Segment Start: EXTRACTED RECORDS

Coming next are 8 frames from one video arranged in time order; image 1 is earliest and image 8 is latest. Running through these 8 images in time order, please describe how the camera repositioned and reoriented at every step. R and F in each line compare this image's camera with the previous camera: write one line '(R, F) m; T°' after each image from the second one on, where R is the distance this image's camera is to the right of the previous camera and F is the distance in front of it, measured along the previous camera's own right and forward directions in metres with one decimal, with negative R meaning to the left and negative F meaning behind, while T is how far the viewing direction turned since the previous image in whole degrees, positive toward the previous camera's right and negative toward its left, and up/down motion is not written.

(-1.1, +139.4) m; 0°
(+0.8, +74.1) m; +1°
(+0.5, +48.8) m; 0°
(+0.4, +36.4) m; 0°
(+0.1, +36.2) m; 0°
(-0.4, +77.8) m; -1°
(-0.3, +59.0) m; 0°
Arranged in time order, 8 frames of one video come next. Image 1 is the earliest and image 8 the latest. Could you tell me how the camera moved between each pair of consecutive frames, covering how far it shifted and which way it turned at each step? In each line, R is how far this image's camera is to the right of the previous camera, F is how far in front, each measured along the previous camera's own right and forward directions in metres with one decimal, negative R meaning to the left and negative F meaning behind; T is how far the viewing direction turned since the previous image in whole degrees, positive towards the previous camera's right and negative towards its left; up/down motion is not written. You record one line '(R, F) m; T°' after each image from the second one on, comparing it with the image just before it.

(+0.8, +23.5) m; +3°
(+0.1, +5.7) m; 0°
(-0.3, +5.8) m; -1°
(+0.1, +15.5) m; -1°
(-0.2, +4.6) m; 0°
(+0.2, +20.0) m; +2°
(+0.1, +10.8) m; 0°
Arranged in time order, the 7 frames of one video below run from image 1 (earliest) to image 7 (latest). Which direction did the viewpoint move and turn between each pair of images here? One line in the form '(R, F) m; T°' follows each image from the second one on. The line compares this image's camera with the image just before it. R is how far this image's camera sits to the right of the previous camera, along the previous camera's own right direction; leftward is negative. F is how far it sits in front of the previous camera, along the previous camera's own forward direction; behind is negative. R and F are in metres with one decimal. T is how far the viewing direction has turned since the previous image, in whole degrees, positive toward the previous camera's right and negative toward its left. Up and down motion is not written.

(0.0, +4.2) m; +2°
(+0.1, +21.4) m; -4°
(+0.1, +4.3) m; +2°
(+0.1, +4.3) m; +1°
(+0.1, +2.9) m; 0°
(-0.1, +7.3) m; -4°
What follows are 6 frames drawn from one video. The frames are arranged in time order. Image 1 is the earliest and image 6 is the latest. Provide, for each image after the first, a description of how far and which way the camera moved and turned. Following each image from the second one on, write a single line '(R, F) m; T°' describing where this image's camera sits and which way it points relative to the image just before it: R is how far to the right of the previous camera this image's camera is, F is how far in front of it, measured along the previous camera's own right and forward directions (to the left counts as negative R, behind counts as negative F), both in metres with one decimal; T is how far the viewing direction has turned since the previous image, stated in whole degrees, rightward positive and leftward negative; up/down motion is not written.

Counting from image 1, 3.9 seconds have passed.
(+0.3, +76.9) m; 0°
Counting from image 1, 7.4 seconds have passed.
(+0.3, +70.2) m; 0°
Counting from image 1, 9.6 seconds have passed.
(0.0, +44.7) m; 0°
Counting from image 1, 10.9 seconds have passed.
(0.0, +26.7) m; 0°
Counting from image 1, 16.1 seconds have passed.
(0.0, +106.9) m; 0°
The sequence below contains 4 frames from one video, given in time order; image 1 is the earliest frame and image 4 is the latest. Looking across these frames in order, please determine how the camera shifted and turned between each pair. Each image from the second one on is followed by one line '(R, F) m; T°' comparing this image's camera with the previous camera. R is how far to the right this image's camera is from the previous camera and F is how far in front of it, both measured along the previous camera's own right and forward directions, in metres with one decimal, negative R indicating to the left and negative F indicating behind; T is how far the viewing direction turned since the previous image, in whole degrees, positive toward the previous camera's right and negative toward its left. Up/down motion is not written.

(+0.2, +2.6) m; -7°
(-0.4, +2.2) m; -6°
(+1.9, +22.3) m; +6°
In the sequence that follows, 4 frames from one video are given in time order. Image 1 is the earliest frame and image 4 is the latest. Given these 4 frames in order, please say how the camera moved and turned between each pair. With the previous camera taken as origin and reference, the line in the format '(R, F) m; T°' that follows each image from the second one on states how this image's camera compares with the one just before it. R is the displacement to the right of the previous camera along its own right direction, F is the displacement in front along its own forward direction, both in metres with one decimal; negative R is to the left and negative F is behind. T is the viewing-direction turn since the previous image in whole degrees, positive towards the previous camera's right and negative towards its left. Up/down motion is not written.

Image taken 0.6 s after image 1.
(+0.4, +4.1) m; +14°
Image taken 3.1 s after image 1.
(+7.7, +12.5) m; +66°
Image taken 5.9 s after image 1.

Segment End: EXTRACTED RECORDS

TASK DETAILS:
All of the material above should be repeated word for word.

EXERCISE ANSWER:
Coming next are 8 frames from one video arranged in time order; image 1 is earliest and image 8 is latest. Running through these 8 images in time order, please describe how the camera repositioned and reoriented at every step. R and F in each line compare this image's camera with the previous camera: write one line '(R, F) m; T°' after each image from the second one on, where R is the distance this image's camera is to the right of the previous camera and F is the distance in front of it, measured along the previous camera's own right and forward directions in metres with one decimal, with negative R meaning to the left and negative F meaning behind, while T is how far the viewing direction turned since the previous image in whole degrees, positive toward the previous camera's right and negative toward its left, and up/down motion is not written.

(-1.1, +139.4) m; 0°
(+0.8, +74.1) m; +1°
(+0.5, +48.8) m; 0°
(+0.4, +36.4) m; 0°
(+0.1, +36.2) m; 0°
(-0.4, +77.8) m; -1°
(-0.3, +59.0) m; 0°
Arranged in time order, 8 frames of one video come next. Image 1 is the earliest and image 8 the latest. Could you tell me how the camera moved between each pair of consecutive frames, covering how far it shifted and which way it turned at each step? In each line, R is how far this image's camera is to the right of the previous camera, F is how far in front, each measured along the previous camera's own right and forward directions in metres with one decimal, negative R meaning to the left and negative F meaning behind; T is how far the viewing direction turned since the previous image in whole degrees, positive towards the previous camera's right and negative towards its left; up/down motion is not written. You record one line '(R, F) m; T°' after each image from the second one on, comparing it with the image just before it.

(+0.8, +23.5) m; +3°
(+0.1, +5.7) m; 0°
(-0.3, +5.8) m; -1°
(+0.1, +15.5) m; -1°
(-0.2, +4.6) m; 0°
(+0.2, +20.0) m; +2°
(+0.1, +10.8) m; 0°
Arranged in time order, the 7 frames of one video below run from image 1 (earliest) to image 7 (latest). Which direction did the viewpoint move and turn between each pair of images here? One line in the form '(R, F) m; T°' follows each image from the second one on. The line compares this image's camera with the image just before it. R is how far this image's camera sits to the right of the previous camera, along the previous camera's own right direction; leftward is negative. F is how far it sits in front of the previous camera, along the previous camera's own forward direction; behind is negative. R and F are in metres with one decimal. T is how far the viewing direction has turned since the previous image, in whole degrees, positive toward the previous camera's right and negative toward its left. Up and down motion is not written.

(0.0, +4.2) m; +2°
(+0.1, +21.4) m; -4°
(+0.1, +4.3) m; +2°
(+0.1, +4.3) m; +1°
(+0.1, +2.9) m; 0°
(-0.1, +7.3) m; -4°
What follows are 6 frames drawn from one video. The frames are arranged in time order. Image 1 is the earliest and image 6 is the latest. Provide, for each image after the first, a description of how far and which way the camera moved and turned. Following each image from the second one on, write a single line '(R, F) m; T°' describing where this image's camera sits and which way it points relative to the image just before it: R is how far to the right of the previous camera this image's camera is, F is how far in front of it, measured along the previous camera's own right and forward directions (to the left counts as negative R, behind counts as negative F), both in metres with one decimal; T is how far the viewing direction has turned since the previous image, stated in whole degrees, rightward positive and leftward negative; up/down motion is not written.

Counting from image 1, 3.9 seconds have passed.
(+0.3, +76.9) m; 0°
Counting from image 1, 7.4 seconds have passed.
(+0.3, +70.2) m; 0°
Counting from image 1, 9.6 seconds have passed.
(0.0, +44.7) m; 0°
Counting from image 1, 10.9 seconds have passed.
(0.0, +26.7) m; 0°
Counting from image 1, 16.1 seconds have passed.
(0.0, +106.9) m; 0°
The sequence below contains 4 frames from one video, given in time order; image 1 is the earliest frame and image 4 is the latest. Looking across these frames in order, please determine how the camera shifted and turned between each pair. Each image from the second one on is followed by one line '(R, F) m; T°' comparing this image's camera with the previous camera. R is how far to the right this image's camera is from the previous camera and F is how far in front of it, both measured along the previous camera's own right and forward directions, in metres with one decimal, negative R indicating to the left and negative F indicating behind; T is how far the viewing direction turned since the previous image, in whole degrees, positive toward the previous camera's right and negative toward its left. Up/down motion is not written.

(+0.2, +2.6) m; -7°
(-0.4, +2.2) m; -6°
(+1.9, +22.3) m; +6°
In the sequence that follows, 4 frames from one video are given in time order. Image 1 is the earliest frame and image 4 is the latest. Given these 4 frames in order, please say how the camera moved and turned between each pair. With the previous camera taken as origin and reference, the line in the format '(R, F) m; T°' that follows each image from the second one on states how this image's camera compares with the one just before it. R is the displacement to the right of the previous camera along its own right direction, F is the displacement in front along its own forward direction, both in metres with one decimal; negative R is to the left and negative F is behind. T is the viewing-direction turn since the previous image in whole degrees, positive towards the previous camera's right and negative towards its left. Up/down motion is not written.

Image taken 0.6 s after image 1.
(+0.4, +4.1) m; +14°
Image taken 3.1 s after image 1.
(+7.7, +12.5) m; +66°
Image taken 5.9 s after image 1.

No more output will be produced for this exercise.